I can fly, he realised.
Aiming himself at Harry, he rocketed down, colliding with him in a painful tangle of skin and flesh. As Harry tumbled to the ground – crying ‘Hor-ri-ble’ – Richard dropped from him, quickly rolled away and got to his feet.
Harry’s arms and legs thrashed wildly as he floundered on the floor. His weight was preventing him getting up. He resembled an upside-down tortoise, limbs uselessly pushing at the air.
Believing one more strike from high above would finish his opponent, Mighty Man leapt into the air.
And landed a foot away.
He tried again, putting his arms out to cut through the sky, but was on the ground within a second. Richard knew that, to Griffin and the rest of the children, he would look like he was jumping up and down in victory.
But the only victory Richard had was a new insight about his superpowers. The laser vision had been used to banish the tentacled monster; super speed had gotten Griffin home quickly; an immense strength had crushed the bat mosquito; Richard had been saved from death by the power of flight. Mighty Man had lots of powers, Richard instinctively knew, but he could only use each once.

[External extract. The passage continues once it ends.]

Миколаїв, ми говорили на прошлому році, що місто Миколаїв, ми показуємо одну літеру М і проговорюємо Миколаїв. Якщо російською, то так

‘Hor-ri-ble,’ Harry said sadly.
Richard approached him warily.
Harry was still flailing his arms about but now with less vigour. A huge, green tear escaped the corner of his eye.

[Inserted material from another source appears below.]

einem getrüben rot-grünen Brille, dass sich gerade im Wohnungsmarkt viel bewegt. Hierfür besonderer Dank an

Richard’s heart went out to Harry. He was not necessarily a bad man; he had just been angry in the grief of his mother’s passing.
‘Hor-ri-ble,’ he whined quietly.
‘No,’ Richard said softly, ‘you’re not horrible.’ He gently placed a hand on Harry’s cheek. It was cold to the touch.
‘Hor-ri-ble?’
‘No,’ Richard repeated. ‘You’re Harry Ball.’
With an empathy beyond his years, Richard wept for Harry.
Their eyes locked together. Harry smiled. As he began to vanish, his mouth moved one last time.
The words were not spoken aloud, but Richard read the sentiment in his eyes: thank you.